- Occupation(s): Professor of Environmental Law, Dean of UCL Faculty of Laws

Academic background
- Alma mater: University of Sydney, University of Oxford
- Thesis: The role of environmental principles in the decisions of the European Union courts and New South Wales Land and Environment Court (2010)
- Doctoral advisor: Liz Fisher

Academic work
- Discipline: Environmental law
- Institutions: University College London

= Eloise Scotford =

Australian academic (born 1978)

Eloise Scotford (born 1978) is an Australian academic, currently Professor of Environmental Law and Dean at the UCL Faculty of Laws.
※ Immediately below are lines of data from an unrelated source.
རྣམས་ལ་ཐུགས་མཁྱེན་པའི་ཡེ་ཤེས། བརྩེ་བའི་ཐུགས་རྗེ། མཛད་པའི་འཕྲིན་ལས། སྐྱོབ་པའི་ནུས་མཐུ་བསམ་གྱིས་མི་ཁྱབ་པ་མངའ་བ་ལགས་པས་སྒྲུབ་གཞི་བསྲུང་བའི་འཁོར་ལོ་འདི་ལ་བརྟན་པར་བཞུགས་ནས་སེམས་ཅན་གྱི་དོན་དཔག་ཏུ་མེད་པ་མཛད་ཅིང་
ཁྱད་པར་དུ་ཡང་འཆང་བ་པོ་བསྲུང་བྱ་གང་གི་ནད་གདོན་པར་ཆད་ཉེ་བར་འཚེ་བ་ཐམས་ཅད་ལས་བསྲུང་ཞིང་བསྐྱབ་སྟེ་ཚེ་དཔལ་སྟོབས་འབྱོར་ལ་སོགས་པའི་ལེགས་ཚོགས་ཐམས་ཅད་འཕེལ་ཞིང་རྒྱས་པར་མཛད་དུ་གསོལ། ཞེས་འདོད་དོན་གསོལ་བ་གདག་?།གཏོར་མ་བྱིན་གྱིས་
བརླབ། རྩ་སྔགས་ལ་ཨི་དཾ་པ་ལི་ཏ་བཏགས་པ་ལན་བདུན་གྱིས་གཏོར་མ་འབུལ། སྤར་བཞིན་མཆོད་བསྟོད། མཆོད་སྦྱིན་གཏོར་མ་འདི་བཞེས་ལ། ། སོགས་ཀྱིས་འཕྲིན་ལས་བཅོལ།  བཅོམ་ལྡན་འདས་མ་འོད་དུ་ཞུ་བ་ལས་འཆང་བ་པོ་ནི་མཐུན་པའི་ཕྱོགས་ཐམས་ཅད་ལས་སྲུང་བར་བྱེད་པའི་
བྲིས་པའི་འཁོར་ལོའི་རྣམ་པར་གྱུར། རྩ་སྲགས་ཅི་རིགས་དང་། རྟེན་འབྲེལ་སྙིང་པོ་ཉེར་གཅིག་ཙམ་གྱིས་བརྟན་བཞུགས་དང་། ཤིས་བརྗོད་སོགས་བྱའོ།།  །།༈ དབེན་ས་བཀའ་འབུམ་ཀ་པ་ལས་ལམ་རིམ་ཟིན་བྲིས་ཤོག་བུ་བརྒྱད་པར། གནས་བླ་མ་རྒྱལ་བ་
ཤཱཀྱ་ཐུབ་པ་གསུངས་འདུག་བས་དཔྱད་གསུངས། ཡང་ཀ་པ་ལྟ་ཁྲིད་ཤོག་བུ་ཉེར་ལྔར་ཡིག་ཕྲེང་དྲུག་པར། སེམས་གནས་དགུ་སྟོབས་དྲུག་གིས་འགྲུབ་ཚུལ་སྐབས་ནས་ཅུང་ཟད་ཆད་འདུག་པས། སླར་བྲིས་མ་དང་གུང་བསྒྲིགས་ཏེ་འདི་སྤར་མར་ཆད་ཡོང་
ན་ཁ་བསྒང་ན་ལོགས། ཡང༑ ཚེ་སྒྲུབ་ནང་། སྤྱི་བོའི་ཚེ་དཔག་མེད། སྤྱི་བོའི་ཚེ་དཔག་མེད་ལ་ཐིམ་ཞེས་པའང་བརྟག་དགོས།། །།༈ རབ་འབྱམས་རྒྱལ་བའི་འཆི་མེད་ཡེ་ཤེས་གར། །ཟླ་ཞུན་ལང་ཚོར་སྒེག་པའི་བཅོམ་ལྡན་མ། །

== Early life and education ==
Scotford grew up in Sydney, Australia. Her mother was a local councillor involved in environmental protection, and her father was a lawyer. She read combined law and sciences at the University of Sydney, where she won the University Medal in Law, and clerked for Chief Justice of Australia Murray Gleeson. Scotford then continued her studies with a Bachelor of Civil Law at Magdalen College, Oxford, graduating with distinction.

== Academic career ==
While preparing a Doctor of Philosophy in Law at University of Oxford, Scotford taught European Union law and environmental law at Corpus Christi College, Oxford as Career Development Fellow. Following this, she was appointed as a lecturer and later senior lecturer at the Dickson Poon School of Law, King's College London, before being appointed Professor of Environmental Law at the Faculty of Laws, University College London (UCL). In 2022, Eloise Scotford was appointed as Dean of UCL Laws.

In addition to these academic appointments, Scotford is an associate member of Landmark Chambers.

== Research interests ==
Scotford's research centres on air quality law, climate change law, waste law, and the interaction of environmental principles with the legal and institutional settings that they find themselves in.

Scotford's research is widely drawn upon by policymakers. She has been invited to give oral evidence to the UK Parliament and the Scottish Parliament, and her research is credited as directly leading to amendments in the Environment Act 2021. Scotford has written policy documents for the Commonwealth Secretariat to inform the Senior Officials of Law Ministries meetings on climate change and law, and for the United Nations Environment Programme on ambient air quality legislation. In addition, Scotford sits on the advisory group for the UK Office for Environmental Protection.

== Selected works ==

- Eloise Scotford, Environmental Principles and the Evolution of Environmental Law (Hart Publishing 2017)
- Eloise Scotford and Rachael Walsh, ‘The Symbiosis of Property and English Environmental Law – Property Rights in a Public Law Context’ (2013) 76 The Modern Law Review 1010
- Elizabeth Fisher, Eloise Scotford and Emily Barritt, ‘The Legally Disruptive Nature of Climate Change’ (2017) 80 The Modern Law Review 173
- Eloise Scotford, ‘Legislation and the Stress of Environmental Problems’ (2021) 74 Current Legal Problems 299.
- Elizabeth Fisher, Bettina Lange, Eloise Scotford and Cinnamon Carlane, ‘Maturity and Methodology: Starting a Debate about Environmental Law Scholarship’ (2009) 21 Journal of Environmental Law 213.